Could you copy each line of the listing that holds "China"?

DATA PROVIDED:

- - -

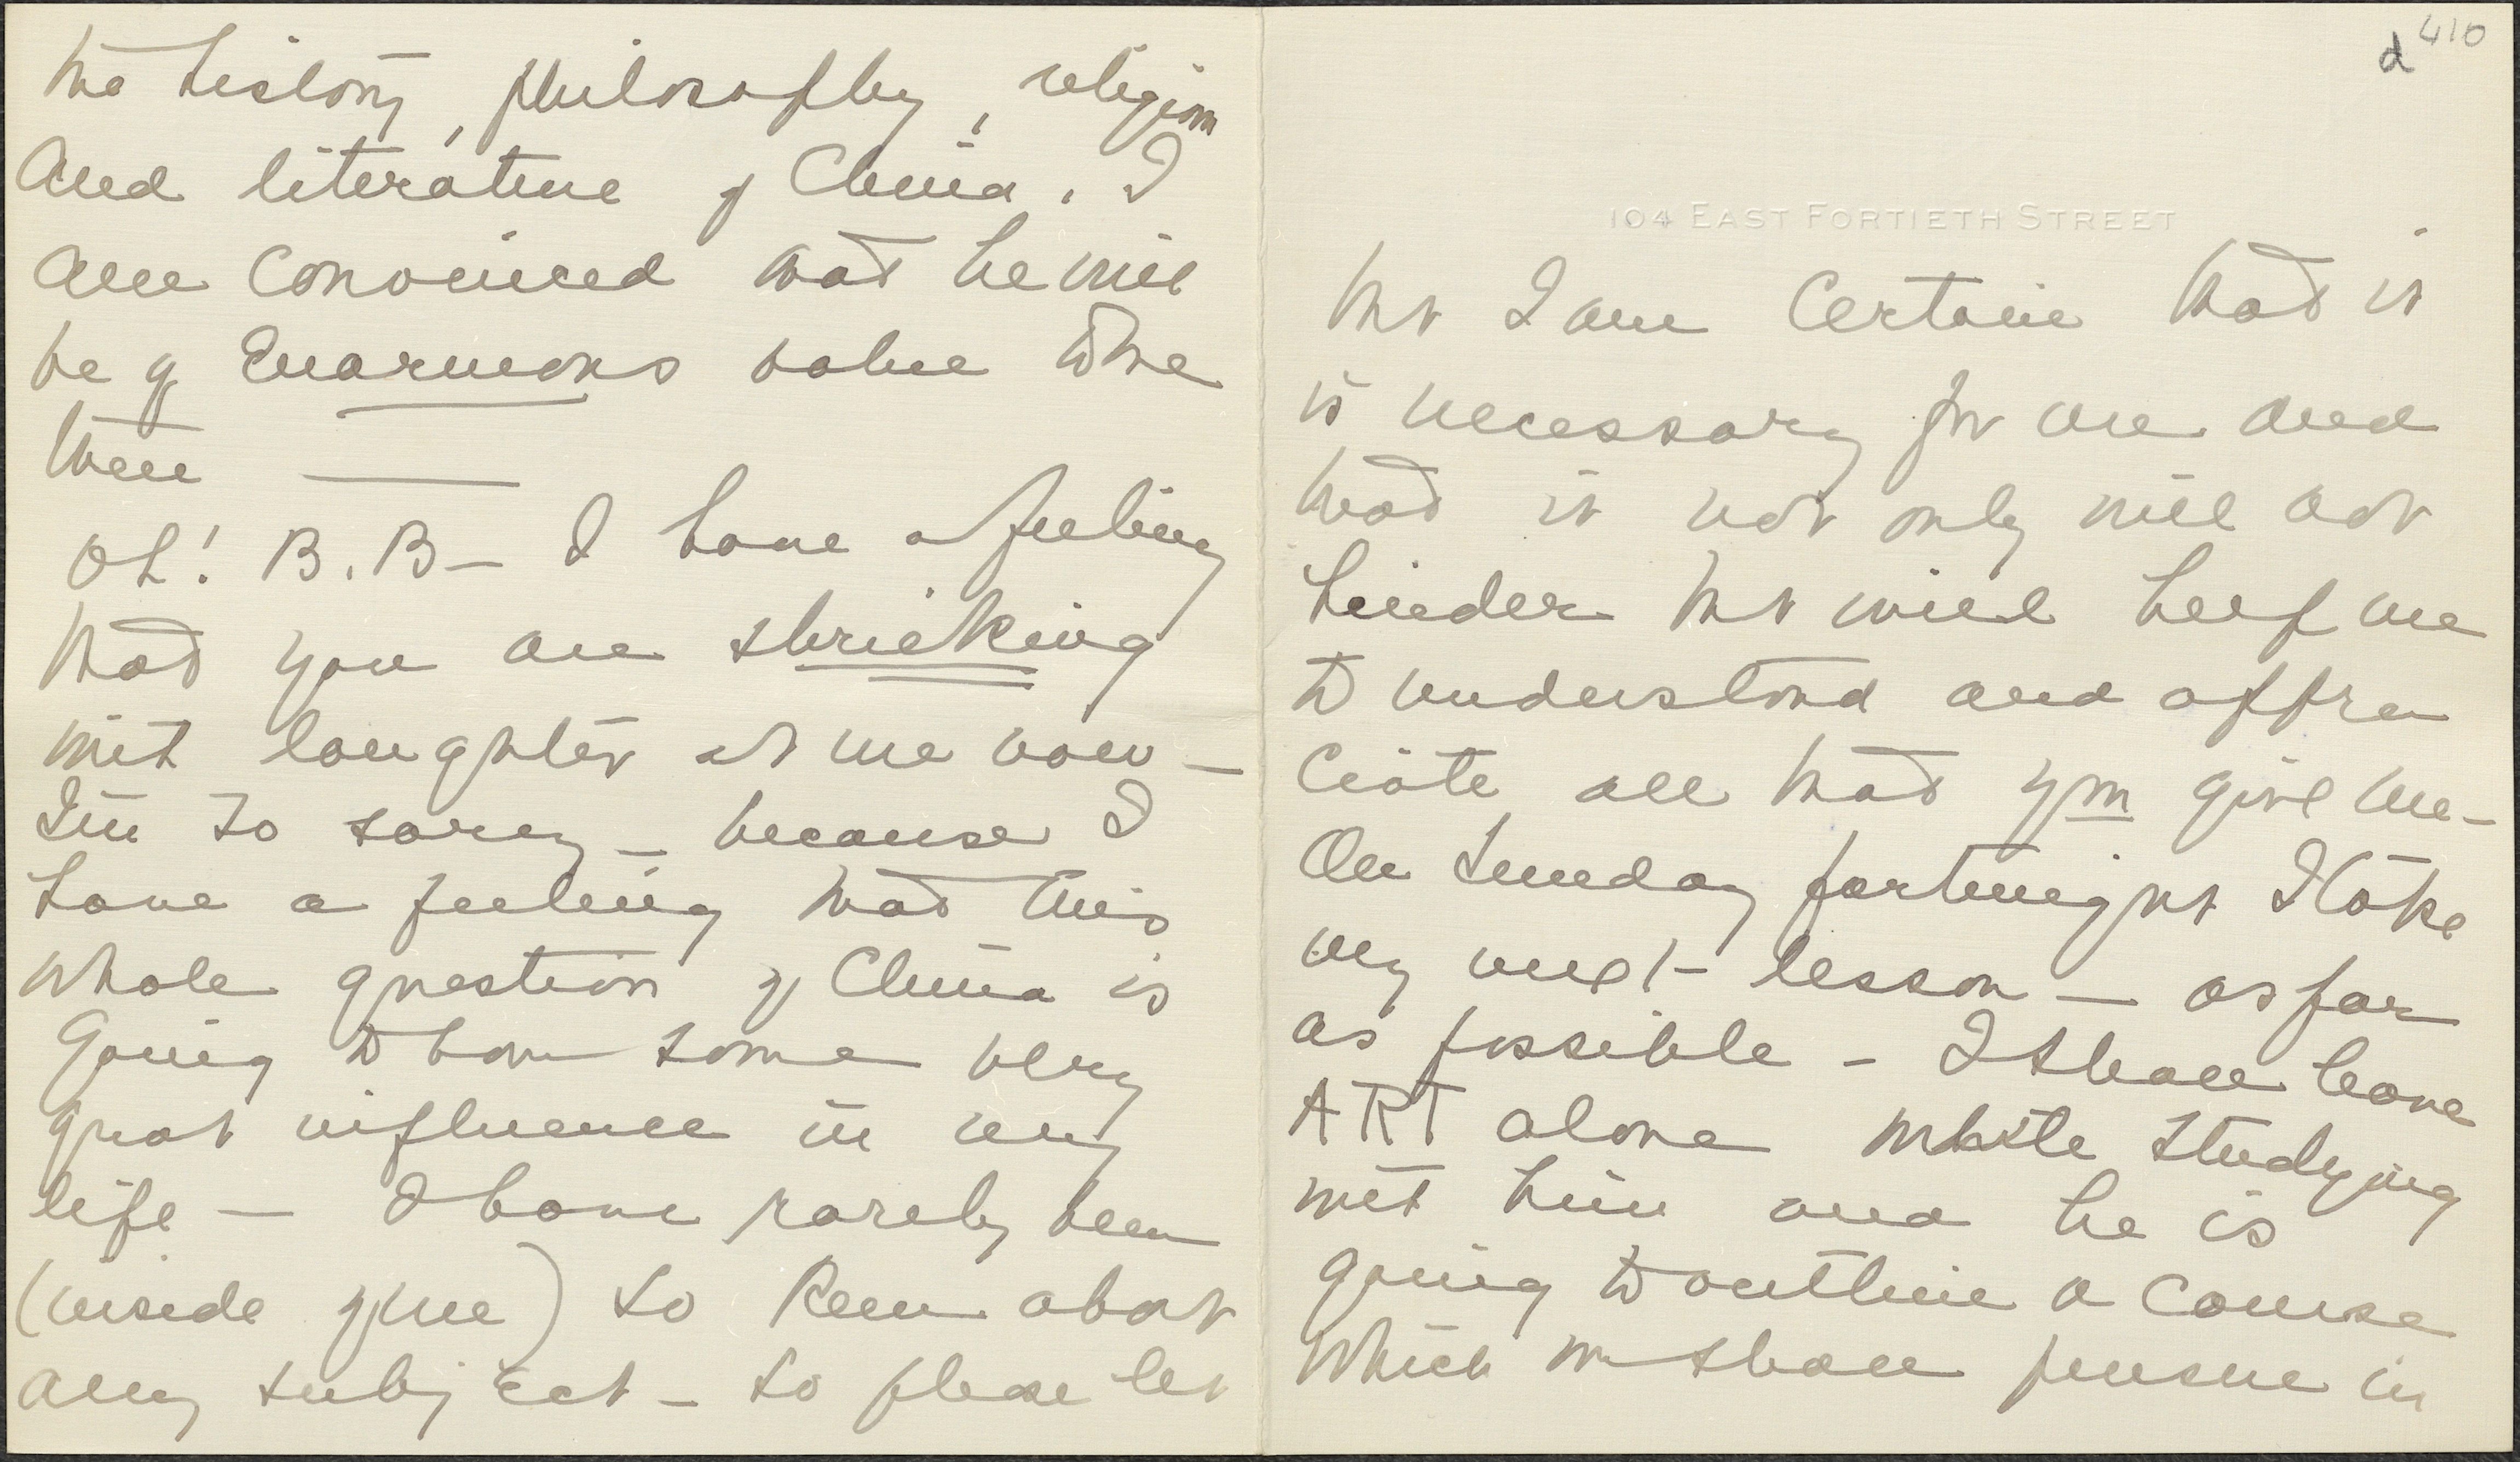but I am certain that it is necessary for me and that it not only will not hinder but will help me to understand and appreciate all that you give me – On Sunday fortnight I take my next lesson – as far as possible – I shall leave ART alone while studying with him and he is going to outline a course which we shall pursue in
the history, philosophy, religion and literature of China. I am convinced that he will be of enormous value to me then –
Oh! B.B. – I have a feeling that you are [double underlined: shrieking] with laughter at me now – I’m so sorry – because I have a feeling that this whole question of China is going to have some very great influence in my life – I have rarely been (inside of me) so keen about any subject – so please let

- - -

WRITTEN RESPONSE:
the history, philosophy, religion and literature of China. I am convinced that he will be of enormous value to me then –
Oh! B.B. – I have a feeling that you are [double underlined: shrieking] with laughter at me now – I’m so sorry – because I have a feeling that this whole question of China is going to have some very great influence in my life – I have rarely been (inside of me) so keen about any subject – so please let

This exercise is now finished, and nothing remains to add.